(Dataset entries)
== == ==

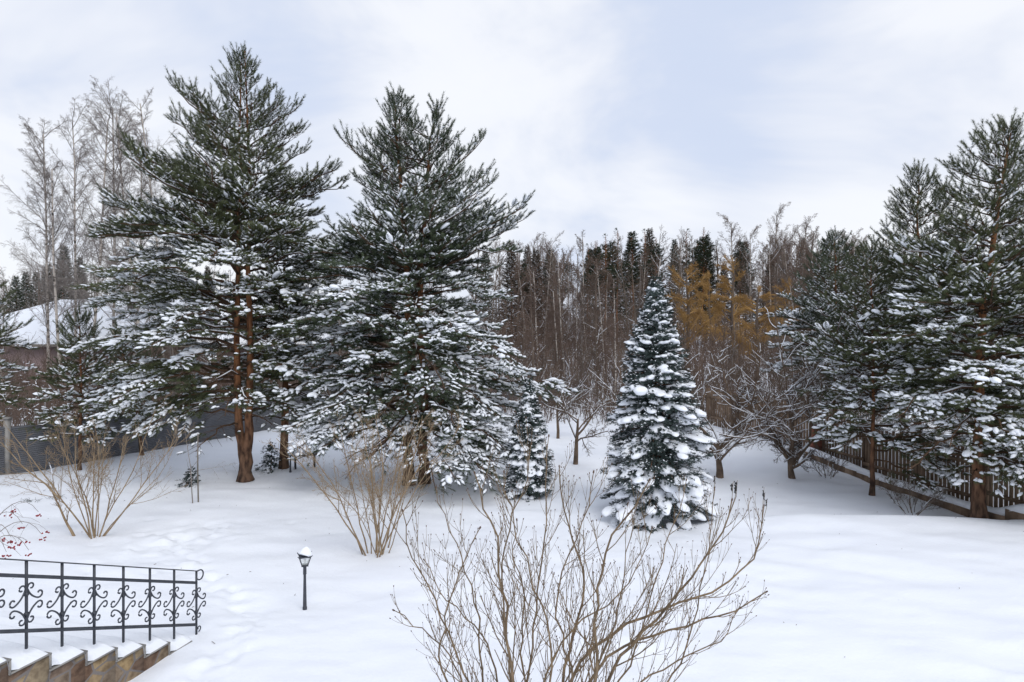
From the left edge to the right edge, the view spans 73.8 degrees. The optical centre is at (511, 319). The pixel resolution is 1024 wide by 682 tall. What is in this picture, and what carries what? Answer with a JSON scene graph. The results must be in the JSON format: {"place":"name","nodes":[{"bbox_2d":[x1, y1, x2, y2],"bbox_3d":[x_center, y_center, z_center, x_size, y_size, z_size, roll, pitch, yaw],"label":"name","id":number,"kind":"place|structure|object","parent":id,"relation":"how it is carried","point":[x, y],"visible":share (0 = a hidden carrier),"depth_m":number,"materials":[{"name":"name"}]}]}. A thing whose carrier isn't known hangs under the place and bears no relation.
{"place":"outdoors","nodes":[
{"label":"outdoors","id":0,"kind":"place"},
{"bbox_2d":[0,312,1023,681],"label":"snowy ground","id":1,"kind":"structure","parent":0,"point":[930,594],"depth_m":12.30,"materials":[{"name":"snow"}]},
{"bbox_2d":[4,275,24,312],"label":"spruce tree","id":2,"kind":"object","parent":1,"relation":"on","point":[16,281],"visible":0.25,"depth_m":49.87,"materials":[{"name":"green plant"}]},
{"bbox_2d":[0,270,38,423],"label":"pine tree","id":3,"kind":"object","parent":1,"relation":"on","point":[7,341],"visible":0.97,"depth_m":20.37,"materials":[{"name":"green plant"}]},
{"bbox_2d":[0,266,48,426],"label":"tree","id":4,"kind":"object","parent":1,"relation":"on","point":[7,369],"visible":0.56,"depth_m":27.00,"materials":[{"name":"brown plant"}]},
{"bbox_2d":[0,501,49,556],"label":"berry bush","id":5,"kind":"object","parent":1,"relation":"on","point":[10,541],"visible":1,"depth_m":10.57,"materials":[{"name":"plant"}]},
{"bbox_2d":[19,271,31,309],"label":"spruce tree","id":6,"kind":"object","parent":1,"relation":"on","point":[25,288],"visible":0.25,"depth_m":66.89,"materials":[{"name":"green plant"}]},
{"bbox_2d":[0,115,93,401],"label":"birch tree","id":7,"kind":"object","parent":1,"relation":"on","point":[46,264],"visible":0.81,"depth_m":35.58,"materials":[{"name":"grey plant"}]},
{"bbox_2d":[2,159,96,384],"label":"birch tree","id":8,"kind":"object","parent":1,"relation":"on","point":[55,291],"visible":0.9,"depth_m":34.82,"materials":[{"name":"grey plant"}]},
{"bbox_2d":[49,247,77,301],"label":"spruce tree","id":9,"kind":"object","parent":1,"relation":"on","point":[62,294],"visible":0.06,"depth_m":51.89,"materials":[{"name":"green plant"}]},
{"bbox_2d":[30,95,110,359],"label":"birch tree","id":10,"kind":"object","parent":1,"relation":"on","point":[74,210],"visible":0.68,"depth_m":38.08,"materials":[{"name":"grey plant"}]},
{"bbox_2d":[18,303,123,470],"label":"pine tree","id":11,"kind":"object","parent":1,"relation":"on","point":[73,364],"visible":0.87,"depth_m":19.94,"materials":[{"name":"green plant"}]},
{"bbox_2d":[0,608,192,681],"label":"garden steps","id":12,"kind":"structure","parent":1,"relation":"on","point":[108,656],"depth_m":8.12,"materials":[{"name":"stone"}]},
{"bbox_2d":[0,558,205,648],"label":"iron railing","id":13,"kind":"object","parent":12,"relation":"on","point":[61,595],"visible":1,"depth_m":7.98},
{"bbox_2d":[0,390,195,538],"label":"bare shrub","id":14,"kind":"object","parent":1,"relation":"on","point":[93,482],"visible":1,"depth_m":14.12,"materials":[{"name":"beige plant"}]},
{"bbox_2d":[57,75,140,363],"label":"birch tree","id":15,"kind":"object","parent":1,"relation":"on","point":[115,181],"visible":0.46,"depth_m":33.67,"materials":[{"name":"grey plant"}]},
{"bbox_2d":[48,93,153,386],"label":"birch tree","id":16,"kind":"object","parent":1,"relation":"on","point":[101,251],"visible":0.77,"depth_m":33.29,"materials":[{"name":"grey plant"}]},
{"bbox_2d":[68,82,166,398],"bbox_3d":[-18.866,-3.425,33.468,4.740,16.022,4.147,0,0,0],"label":"birch tree","id":17,"kind":"object","parent":1,"relation":"on","point":[118,140],"visible":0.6,"depth_m":33.23,"materials":[{"name":"grey plant"}]},
{"bbox_2d":[78,322,169,455],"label":"pine tree","id":18,"kind":"object","parent":1,"relation":"on","point":[125,352],"visible":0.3,"depth_m":22.37,"materials":[{"name":"green plant"}]},
{"bbox_2d":[103,127,170,371],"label":"birch tree","id":19,"kind":"object","parent":1,"relation":"on","point":[140,244],"visible":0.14,"depth_m":36.88,"materials":[{"name":"grey plant"}]},
{"bbox_2d":[101,88,199,355],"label":"birch tree","id":20,"kind":"object","parent":1,"relation":"on","point":[144,141],"visible":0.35,"depth_m":35.83,"materials":[{"name":"grey plant"}]},
{"bbox_2d":[0,299,338,389],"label":"house","id":21,"kind":"structure","parent":1,"relation":"on","point":[34,327],"depth_m":38.64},
{"bbox_2d":[175,467,201,487],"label":"spruce sapling","id":22,"kind":"object","parent":1,"relation":"on","point":[187,477],"visible":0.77,"depth_m":18.21,"materials":[{"name":"plant"}]},
{"bbox_2d":[58,41,354,482],"bbox_3d":[-8.386,-1.652,19.226,8.130,12.461,7.236,0,0,0],"label":"pine tree","id":23,"kind":"object","parent":1,"relation":"on","point":[192,221],"visible":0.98,"depth_m":18.33,"materials":[{"name":"green plant"}]},
{"bbox_2d":[254,441,280,473],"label":"spruce sapling","id":24,"kind":"object","parent":1,"relation":"on","point":[271,457],"visible":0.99,"depth_m":20.42,"materials":[{"name":"plant"}]},
{"bbox_2d":[0,379,570,474],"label":"metal fence","id":25,"kind":"object","parent":1,"relation":"on","point":[35,449],"visible":0.15,"depth_m":22.25,"materials":[{"name":"metal"}]},
{"bbox_2d":[221,196,353,468],"bbox_3d":[-6.720,0.339,20.817,4.043,8.518,4.315,0,0,42],"label":"pine tree","id":26,"kind":"object","parent":1,"relation":"on","point":[283,463],"visible":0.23,"depth_m":20.35,"materials":[{"name":"green plant"}]},
{"bbox_2d":[297,546,312,609],"bbox_3d":[-3.209,4.012,10.570,0.227,0.986,0.227,0,0,-20],"label":"garden lamp","id":27,"kind":"object","parent":1,"relation":"on","point":[305,552],"visible":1,"depth_m":10.55,"materials":[{"name":"metal"}]},
{"bbox_2d":[261,398,463,557],"bbox_3d":[-2.918,3.096,13.257,3.893,3.040,3.407,0,0,20],"label":"bare shrub","id":28,"kind":"object","parent":1,"relation":"on","point":[378,546],"visible":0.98,"depth_m":13.17,"materials":[{"name":"beige plant"}]},
{"bbox_2d":[271,81,579,495],"bbox_3d":[-2.305,-0.981,18.918,8.407,11.194,7.212,0,0,0],"label":"pine tree","id":29,"kind":"object","parent":1,"relation":"on","point":[399,266],"visible":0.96,"depth_m":17.91,"materials":[{"name":"green plant"}]},
{"bbox_2d":[6,308,880,425],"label":"snow on brushwood","id":30,"kind":"structure","parent":1,"relation":"on","point":[427,359],"depth_m":33.13,"materials":[{"name":"white"}]},
{"bbox_2d":[473,247,497,327],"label":"spruce tree","id":31,"kind":"object","parent":1,"relation":"on","point":[488,277],"visible":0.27,"depth_m":85.67,"materials":[{"name":"green plant"}]},
{"bbox_2d":[477,252,507,332],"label":"tree","id":32,"kind":"object","parent":1,"relation":"on","point":[499,284],"visible":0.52,"depth_m":52.12,"materials":[{"name":"brown plant"}]},
{"bbox_2d":[0,301,1014,426],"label":"undergrowth","id":33,"kind":"object","parent":1,"relation":"on","point":[15,414],"visible":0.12,"depth_m":35.02,"materials":[{"name":"plant"}]},
{"bbox_2d":[494,239,529,345],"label":"spruce tree","id":34,"kind":"object","parent":1,"relation":"on","point":[510,257],"visible":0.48,"depth_m":57.58,"materials":[{"name":"green plant"}]},
{"bbox_2d":[495,241,532,338],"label":"bare tree","id":35,"kind":"object","parent":1,"relation":"on","point":[519,244],"visible":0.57,"depth_m":53.85,"materials":[{"name":"brown plant"}]},
{"bbox_2d":[506,259,540,363],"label":"birch tree","id":36,"kind":"object","parent":1,"relation":"on","point":[521,287],"visible":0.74,"depth_m":46.13,"materials":[{"name":"brown plant"}]},
{"bbox_2d":[499,376,555,502],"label":"spruce tree","id":37,"kind":"object","parent":1,"relation":"on","point":[528,413],"visible":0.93,"depth_m":17.29,"materials":[{"name":"green wood"}]},
{"bbox_2d":[520,249,549,344],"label":"spruce tree","id":38,"kind":"object","parent":1,"relation":"on","point":[536,260],"visible":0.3,"depth_m":58.83,"materials":[{"name":"green plant"}]},
{"bbox_2d":[512,262,558,379],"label":"bare tree","id":39,"kind":"object","parent":1,"relation":"on","point":[533,349],"visible":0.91,"depth_m":34.92,"materials":[{"name":"brown plant"}]},
{"bbox_2d":[516,262,556,368],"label":"birch tree","id":40,"kind":"object","parent":1,"relation":"on","point":[535,306],"visible":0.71,"depth_m":41.19,"materials":[{"name":"brown plant"}]},
{"bbox_2d":[525,230,565,378],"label":"birch tree","id":41,"kind":"object","parent":1,"relation":"on","point":[547,290],"visible":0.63,"depth_m":44.39,"materials":[{"name":"brown plant"}]},
{"bbox_2d":[539,284,570,376],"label":"birch tree","id":42,"kind":"object","parent":1,"relation":"on","point":[554,319],"visible":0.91,"depth_m":37.27,"materials":[{"name":"brown plant"}]},
{"bbox_2d":[541,251,574,372],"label":"birch tree","id":43,"kind":"object","parent":1,"relation":"on","point":[559,264],"visible":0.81,"depth_m":40.13,"materials":[{"name":"brown plant"}]},
{"bbox_2d":[542,247,575,361],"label":"bare tree","id":44,"kind":"object","parent":1,"relation":"on","point":[564,292],"visible":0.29,"depth_m":46.91,"materials":[{"name":"brown plant"}]},
{"bbox_2d":[541,236,588,378],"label":"bare tree","id":45,"kind":"object","parent":1,"relation":"on","point":[553,272],"visible":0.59,"depth_m":43.01,"materials":[{"name":"brown plant"}]},
{"bbox_2d":[548,248,582,370],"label":"bare tree","id":46,"kind":"object","parent":1,"relation":"on","point":[568,284],"visible":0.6,"depth_m":43.29,"materials":[{"name":"brown plant"}]},
{"bbox_2d":[540,342,600,438],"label":"fruit tree","id":47,"kind":"object","parent":1,"relation":"on","point":[571,403],"visible":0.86,"depth_m":25.89,"materials":[{"name":"brown plant"}]},
{"bbox_2d":[374,420,769,681],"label":"lilac bush","id":48,"kind":"object","parent":1,"relation":"on","point":[593,644],"visible":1,"depth_m":6.05,"materials":[{"name":"brown plant"}]},
{"bbox_2d":[557,281,591,372],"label":"birch tree","id":49,"kind":"object","parent":1,"relation":"on","point":[572,317],"visible":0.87,"depth_m":39.18,"materials":[{"name":"brown plant"}]},
{"bbox_2d":[562,261,598,384],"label":"birch tree","id":50,"kind":"object","parent":1,"relation":"on","point":[575,281],"visible":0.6,"depth_m":42.22,"materials":[{"name":"brown plant"}]},
{"bbox_2d":[540,379,622,464],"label":"apple tree","id":51,"kind":"object","parent":1,"relation":"on","point":[577,434],"visible":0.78,"depth_m":21.46,"materials":[{"name":"brown plant"}]},
{"bbox_2d":[565,232,610,350],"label":"birch tree","id":52,"kind":"object","parent":1,"relation":"on","point":[582,245],"visible":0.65,"depth_m":47.58,"materials":[{"name":"brown plant"}]},
{"bbox_2d":[576,252,610,365],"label":"bare tree","id":53,"kind":"object","parent":1,"relation":"on","point":[596,299],"visible":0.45,"depth_m":42.44,"materials":[{"name":"brown plant"}]},
{"bbox_2d":[585,244,601,341],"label":"pine tree","id":54,"kind":"object","parent":1,"relation":"on","point":[596,253],"visible":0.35,"depth_m":65.77,"materials":[{"name":"green plant"}]},
{"bbox_2d":[577,271,617,400],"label":"bare tree","id":55,"kind":"object","parent":1,"relation":"on","point":[595,328],"visible":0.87,"depth_m":35.93,"materials":[{"name":"brown plant"}]},
{"bbox_2d":[581,257,631,393],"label":"birch tree","id":56,"kind":"object","parent":1,"relation":"on","point":[601,289],"visible":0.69,"depth_m":37.56,"materials":[{"name":"brown plant"}]},
{"bbox_2d":[584,334,629,407],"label":"fruit tree","id":57,"kind":"object","parent":1,"relation":"on","point":[615,355],"visible":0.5,"depth_m":27.27,"materials":[{"name":"brown plant"}]},
{"bbox_2d":[594,233,621,333],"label":"pine tree","id":58,"kind":"object","parent":1,"relation":"on","point":[611,270],"visible":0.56,"depth_m":59.94,"materials":[{"name":"green plant"}]},
{"bbox_2d":[592,239,632,342],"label":"spruce tree","id":59,"kind":"object","parent":1,"relation":"on","point":[611,244],"visible":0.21,"depth_m":64.00,"materials":[{"name":"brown plant"}]},
{"bbox_2d":[596,268,631,405],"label":"birch tree","id":60,"kind":"object","parent":1,"relation":"on","point":[614,310],"visible":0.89,"depth_m":31.98,"materials":[{"name":"brown plant"}]},
{"bbox_2d":[601,312,629,394],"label":"bare tree","id":61,"kind":"object","parent":1,"relation":"on","point":[613,356],"visible":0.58,"depth_m":34.81,"materials":[{"name":"brown plant"}]},
{"bbox_2d":[608,228,632,332],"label":"pine tree","id":62,"kind":"object","parent":1,"relation":"on","point":[616,265],"visible":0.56,"depth_m":61.94,"materials":[{"name":"green plant"}]},
{"bbox_2d":[612,237,642,371],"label":"bare tree","id":63,"kind":"object","parent":1,"relation":"on","point":[637,301],"visible":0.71,"depth_m":47.55,"materials":[{"name":"brown plant"}]},
{"bbox_2d":[615,257,643,367],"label":"bare tree","id":64,"kind":"object","parent":1,"relation":"on","point":[634,301],"visible":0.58,"depth_m":35.81,"materials":[{"name":"brown plant"}]},
{"bbox_2d":[620,231,643,334],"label":"pine tree","id":65,"kind":"object","parent":1,"relation":"on","point":[631,246],"visible":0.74,"depth_m":63.88,"materials":[{"name":"green plant"}]},
{"bbox_2d":[616,245,654,332],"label":"birch tree","id":66,"kind":"object","parent":1,"relation":"on","point":[649,266],"visible":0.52,"depth_m":45.03,"materials":[{"name":"brown plant"}]},
{"bbox_2d":[642,239,667,287],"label":"pine tree","id":67,"kind":"object","parent":1,"relation":"on","point":[657,247],"visible":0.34,"depth_m":67.75,"materials":[{"name":"green plant"}]},
{"bbox_2d":[637,245,672,325],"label":"birch tree","id":68,"kind":"object","parent":1,"relation":"on","point":[659,260],"visible":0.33,"depth_m":42.88,"materials":[{"name":"brown plant"}]},
{"bbox_2d":[599,274,719,532],"bbox_3d":[3.413,1.970,15.943,2.934,6.133,2.774,0,0,0],"label":"spruce tree","id":69,"kind":"object","parent":1,"relation":"on","point":[649,397],"visible":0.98,"depth_m":15.33,"materials":[{"name":"green wood"}]},
{"bbox_2d":[665,239,685,321],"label":"spruce tree","id":70,"kind":"object","parent":1,"relation":"on","point":[674,252],"visible":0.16,"depth_m":83.75,"materials":[{"name":"plant"}]},
{"bbox_2d":[666,226,695,325],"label":"tree","id":71,"kind":"object","parent":1,"relation":"on","point":[684,241],"visible":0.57,"depth_m":60.43,"materials":[{"name":"brown plant"}]},
{"bbox_2d":[670,228,697,295],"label":"pine tree","id":72,"kind":"object","parent":1,"relation":"on","point":[686,265],"visible":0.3,"depth_m":69.83,"materials":[{"name":"green plant"}]},
{"bbox_2d":[673,236,696,348],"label":"bare tree","id":73,"kind":"object","parent":1,"relation":"on","point":[682,274],"visible":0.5,"depth_m":51.53,"materials":[{"name":"brown plant"}]},
{"bbox_2d":[665,262,715,368],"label":"willow tree","id":74,"kind":"object","parent":1,"relation":"on","point":[687,316],"visible":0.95,"depth_m":45.38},
{"bbox_2d":[686,244,715,340],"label":"spruce tree","id":75,"kind":"object","parent":1,"relation":"on","point":[705,299],"visible":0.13,"depth_m":67.47,"materials":[{"name":"plant"}]},
{"bbox_2d":[687,227,718,342],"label":"pine tree","id":76,"kind":"object","parent":1,"relation":"on","point":[704,241],"visible":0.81,"depth_m":65.84,"materials":[{"name":"green plant"}]},
{"bbox_2d":[675,272,734,361],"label":"willow tree","id":77,"kind":"object","parent":1,"relation":"on","point":[707,282],"visible":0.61,"depth_m":50.03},
{"bbox_2d":[708,263,738,338],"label":"spruce tree","id":78,"kind":"object","parent":1,"relation":"on","point":[722,272],"visible":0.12,"depth_m":65.80,"materials":[{"name":"plant"}]},
{"bbox_2d":[710,212,754,307],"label":"birch tree","id":79,"kind":"object","parent":1,"relation":"on","point":[731,247],"visible":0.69,"depth_m":63.48,"materials":[{"name":"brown plant"}]},
{"bbox_2d":[705,253,766,374],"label":"willow tree","id":80,"kind":"object","parent":1,"relation":"on","point":[733,315],"visible":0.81,"depth_m":43.04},
{"bbox_2d":[650,334,825,478],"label":"apple tree","id":81,"kind":"object","parent":1,"relation":"on","point":[719,456],"visible":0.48,"depth_m":20.63,"materials":[{"name":"brown plant"}]},
{"bbox_2d":[728,241,753,315],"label":"pine tree","id":82,"kind":"object","parent":1,"relation":"on","point":[741,258],"visible":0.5,"depth_m":64.88,"materials":[{"name":"green plant"}]},
{"bbox_2d":[729,241,761,329],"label":"spruce tree","id":83,"kind":"object","parent":1,"relation":"on","point":[747,251],"visible":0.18,"depth_m":76.03,"materials":[{"name":"plant"}]},
{"bbox_2d":[741,247,763,340],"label":"bare tree","id":84,"kind":"object","parent":1,"relation":"on","point":[746,269],"visible":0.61,"depth_m":55.80,"materials":[{"name":"brown plant"}]},
{"bbox_2d":[735,225,772,333],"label":"birch tree","id":85,"kind":"object","parent":1,"relation":"on","point":[747,245],"visible":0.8,"depth_m":60.32,"materials":[{"name":"brown plant"}]},
{"bbox_2d":[732,285,786,385],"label":"willow tree","id":86,"kind":"object","parent":1,"relation":"on","point":[757,318],"visible":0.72,"depth_m":40.88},
{"bbox_2d":[750,202,790,340],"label":"birch tree","id":87,"kind":"object","parent":1,"relation":"on","point":[776,225],"visible":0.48,"depth_m":60.36,"materials":[{"name":"brown plant"}]},
{"bbox_2d":[750,241,791,360],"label":"birch tree","id":88,"kind":"object","parent":1,"relation":"on","point":[767,278],"visible":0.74,"depth_m":49.63,"materials":[{"name":"brown plant"}]},
{"bbox_2d":[760,278,798,358],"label":"willow tree","id":89,"kind":"object","parent":1,"relation":"on","point":[781,298],"visible":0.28,"depth_m":47.45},
{"bbox_2d":[760,222,807,341],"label":"birch tree","id":90,"kind":"object","parent":1,"relation":"on","point":[792,236],"visible":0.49,"depth_m":58.05,"materials":[{"name":"brown plant"}]},
{"bbox_2d":[770,237,802,340],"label":"birch tree","id":91,"kind":"object","parent":1,"relation":"on","point":[789,264],"visible":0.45,"depth_m":54.48,"materials":[{"name":"brown plant"}]},
{"bbox_2d":[776,273,806,368],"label":"birch tree","id":92,"kind":"object","parent":1,"relation":"on","point":[783,308],"visible":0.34,"depth_m":33.07,"materials":[{"name":"brown plant"}]},
{"bbox_2d":[773,234,814,340],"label":"bare tree","id":93,"kind":"object","parent":1,"relation":"on","point":[784,266],"visible":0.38,"depth_m":52.34,"materials":[{"name":"brown plant"}]},
{"bbox_2d":[792,213,820,307],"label":"birch tree","id":94,"kind":"object","parent":1,"relation":"on","point":[808,220],"visible":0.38,"depth_m":61.98,"materials":[{"name":"brown plant"}]},
{"bbox_2d":[700,288,918,478],"bbox_3d":[8.807,1.970,20.737,7.324,5.803,5.749,0,0,0],"label":"apple tree","id":95,"kind":"object","parent":1,"relation":"on","point":[792,454],"visible":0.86,"depth_m":20.09,"materials":[{"name":"brown plant"}]},
{"bbox_2d":[779,241,869,413],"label":"pine tree","id":96,"kind":"object","parent":1,"relation":"on","point":[787,322],"visible":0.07,"depth_m":30.54,"materials":[{"name":"green plant"}]},
{"bbox_2d":[760,225,891,424],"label":"pine tree","id":97,"kind":"object","parent":1,"relation":"on","point":[812,302],"visible":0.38,"depth_m":26.02,"materials":[{"name":"green plant"}]},
{"bbox_2d":[805,442,858,478],"bbox_3d":[9.607,4.311,20.560,1.089,1.109,1.336,0,0,-38],"label":"bare shrub","id":98,"kind":"object","parent":1,"relation":"on","point":[830,457],"visible":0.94,"depth_m":20.63,"materials":[{"name":"brown plant"}]},
{"bbox_2d":[705,388,1023,506],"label":"picket fence","id":99,"kind":"object","parent":1,"relation":"on","point":[917,469],"visible":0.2,"depth_m":20.21,"materials":[{"name":"brown wood"}]},
{"bbox_2d":[794,236,968,495],"bbox_3d":[9.987,1.282,18.596,4.582,7.159,4.086,0,0,0],"label":"pine tree","id":100,"kind":"object","parent":1,"relation":"on","point":[865,346],"visible":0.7,"depth_m":18.14,"materials":[{"name":"green plant"}]},
{"bbox_2d":[804,447,1023,519],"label":"edging board","id":101,"kind":"object","parent":1,"relation":"on","point":[962,507],"visible":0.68,"depth_m":17.86,"materials":[{"name":"brown wood"}]},
{"bbox_2d":[876,470,952,515],"bbox_3d":[9.965,4.272,17.058,1.542,1.237,1.625,0,0,18],"label":"bare shrub","id":102,"kind":"object","parent":1,"relation":"on","point":[932,500],"visible":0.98,"depth_m":16.81,"materials":[{"name":"brown plant"}]},
{"bbox_2d":[823,158,1020,429],"bbox_3d":[12.492,-0.085,21.034,5.213,9.783,5.222,0,0,0],"label":"pine tree","id":103,"kind":"object","parent":1,"relation":"on","point":[912,197],"visible":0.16,"depth_m":20.82,"materials":[{"name":"green plant"}]},
{"bbox_2d":[857,106,1023,518],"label":"pine tree","id":104,"kind":"object","parent":1,"relation":"on","point":[1005,295],"visible":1,"depth_m":15.52,"materials":[{"name":"green plant"}]},
{"bbox_2d":[928,323,1022,468],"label":"pine tree","id":105,"kind":"object","parent":1,"relation":"on","point":[948,441],"visible":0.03,"depth_m":21.18,"materials":[{"name":"green plant"}]},
{"bbox_2d":[929,146,1023,413],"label":"pine tree","id":106,"kind":"object","parent":1,"relation":"on","point":[994,393],"visible":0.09,"depth_m":17.90,"materials":[{"name":"green plant"}]},
{"bbox_2d":[0,0,1023,313],"label":"sky","id":107,"kind":"structure","parent":0,"point":[626,116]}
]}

== == ==

-- Task goal --
Return only the number of lines in the entries above that contain the word "snow".

-- Result --
2